Xu Yi, Cao Liyu, Zhao Xinyi, Yao Yinghao, Liu Qiang, Zhang Bin, Wang Yan, Mao Ying, Ma Yunlong, Ma Jennie Z, Payne Thomas J, Li Ming D, Li Lanjuan
State Key Laboratory for Diagnosis and Treatment of Infectious Diseases, National Clinical Research Center for Infectious Diseases, Collaborative Innovation Center for Diagnosis and Treatment of Infectious Diseases, The First Affiliated Hospital, Zhejiang University School of Medicine, Hangzhou, China.
Department of Public Health Sciences, University of Virginia, Charlottesville, VA, United States.
Front Psychiatry. 2020 May 14;11:416. doi: 10.3389/fpsyt.2020.00416. eCollection 2020.
Smoking is a complex behavior with a heritability as high as 50%. Given such a large genetic contribution, it provides an opportunity to prevent those individuals who are susceptible to smoking dependence from ever starting to smoke by predicting their inherited predisposition with their genomic profiles.
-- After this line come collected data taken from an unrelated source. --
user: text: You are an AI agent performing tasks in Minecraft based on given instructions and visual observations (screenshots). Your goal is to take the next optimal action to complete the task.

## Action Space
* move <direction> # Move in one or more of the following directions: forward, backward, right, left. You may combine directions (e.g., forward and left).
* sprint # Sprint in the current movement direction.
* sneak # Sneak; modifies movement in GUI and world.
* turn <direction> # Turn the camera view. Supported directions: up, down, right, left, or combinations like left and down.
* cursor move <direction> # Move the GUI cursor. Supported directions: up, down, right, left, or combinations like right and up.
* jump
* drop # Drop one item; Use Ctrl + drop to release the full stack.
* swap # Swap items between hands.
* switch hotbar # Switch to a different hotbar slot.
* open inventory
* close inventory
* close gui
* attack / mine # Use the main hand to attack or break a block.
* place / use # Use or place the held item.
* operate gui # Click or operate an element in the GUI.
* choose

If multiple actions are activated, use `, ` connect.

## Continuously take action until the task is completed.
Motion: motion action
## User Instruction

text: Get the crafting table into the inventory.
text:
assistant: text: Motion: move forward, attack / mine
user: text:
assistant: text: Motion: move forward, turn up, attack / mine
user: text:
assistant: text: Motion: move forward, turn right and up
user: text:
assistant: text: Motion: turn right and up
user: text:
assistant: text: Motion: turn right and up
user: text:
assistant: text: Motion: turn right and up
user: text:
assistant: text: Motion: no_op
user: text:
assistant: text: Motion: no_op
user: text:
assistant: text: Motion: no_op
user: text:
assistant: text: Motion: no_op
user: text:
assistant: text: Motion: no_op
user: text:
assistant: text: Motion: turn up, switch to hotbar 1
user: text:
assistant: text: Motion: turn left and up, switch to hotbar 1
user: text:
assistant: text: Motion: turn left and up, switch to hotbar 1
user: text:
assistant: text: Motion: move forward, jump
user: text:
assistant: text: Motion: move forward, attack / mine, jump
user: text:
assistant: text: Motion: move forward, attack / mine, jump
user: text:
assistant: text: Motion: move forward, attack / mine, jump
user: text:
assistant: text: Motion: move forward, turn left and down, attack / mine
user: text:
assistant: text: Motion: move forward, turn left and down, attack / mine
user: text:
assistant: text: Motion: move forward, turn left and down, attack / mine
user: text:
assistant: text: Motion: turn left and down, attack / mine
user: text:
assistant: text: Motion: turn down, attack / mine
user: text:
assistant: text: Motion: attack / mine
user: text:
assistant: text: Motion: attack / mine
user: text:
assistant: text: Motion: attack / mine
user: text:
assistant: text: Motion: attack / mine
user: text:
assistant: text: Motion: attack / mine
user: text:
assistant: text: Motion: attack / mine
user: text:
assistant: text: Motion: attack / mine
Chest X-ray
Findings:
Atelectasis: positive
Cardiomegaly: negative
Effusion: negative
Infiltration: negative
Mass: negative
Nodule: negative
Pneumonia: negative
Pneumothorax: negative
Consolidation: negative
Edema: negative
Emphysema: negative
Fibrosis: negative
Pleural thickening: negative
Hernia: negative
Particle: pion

Although previous studies have identified many susceptibility variants for smoking, they have limited power to predict smoking behavior. We applied the support vector machine (SVM) and random forest (RF) methods to build prediction models for smoking behavior. We first used 1,431 smokers and 1,503 non-smokers of African origin for model building with a 10-fold cross-validation and then tested the prediction models on an independent dataset consisting of 213 smokers and 224 non-smokers. The SVM model with 500 top single nucleotide polymorphisms (SNPs) selected using logistic regression (p<0.01) as the feature selection method achieved an area under the curve (AUC) of 0.691, 0.721, and 0.720 for the training, test, and independent test samples, respectively. The RF model with 500 top SNPs selected using logistic regression (p<0.01) achieved AUCs of 0.671, 0.665, and 0.667 for the training, test, and independent test samples, respectively. Finally, we used the combined logistic (p<0.01) and LASSO (λ=10) regression to select features and the SVM algorithm for model building. The SVM model with 500 top SNPs achieved AUCs of 0.756, 0.776, and 0.897 for the training, test, and independent test samples, respectively. We conclude that machine learning methods are promising means to build predictive models for smoking.
吸烟是一种复杂行为,其遗传度高达50%。鉴于如此大的遗传贡献,通过利用基因组图谱预测个体的遗传易感性,为预防那些易患吸烟依赖的人开始吸烟提供了一个机会。尽管先前的研究已经鉴定出许多吸烟易感性变异,但它们预测吸烟行为的能力有限。我们应用支持向量机(SVM)和随机森林(RF)方法构建吸烟行为预测模型。我们首先使用1431名非洲裔吸烟者和1503名非洲裔非吸烟者进行模型构建,并进行10倍交叉验证,然后在由213名吸烟者和224名非吸烟者组成的独立数据集上测试预测模型。使用逻辑回归(p<0.01)作为特征选择方法选择的500个顶级单核苷酸多态性(SNP)构建的SVM模型,训练样本、测试样本和独立测试样本的曲线下面积(AUC)分别为0.691、0.721和0.720。使用逻辑回归(p<0.01)选择的500个顶级SNP构建的RF模型,训练样本、测试样本和独立测试样本的AUC分别为0.671、0.665和0.667。最后,我们使用联合逻辑回归(p<0.01)和LASSO(λ=10)回归进行特征选择,并使用SVM算法进行模型构建。使用500个顶级SNP构建的SVM模型,训练样本、测试样本和独立测试样本的AUC分别为0.756、0.776和0.897。我们得出结论,机器学习方法是构建吸烟预测模型的有前景的手段。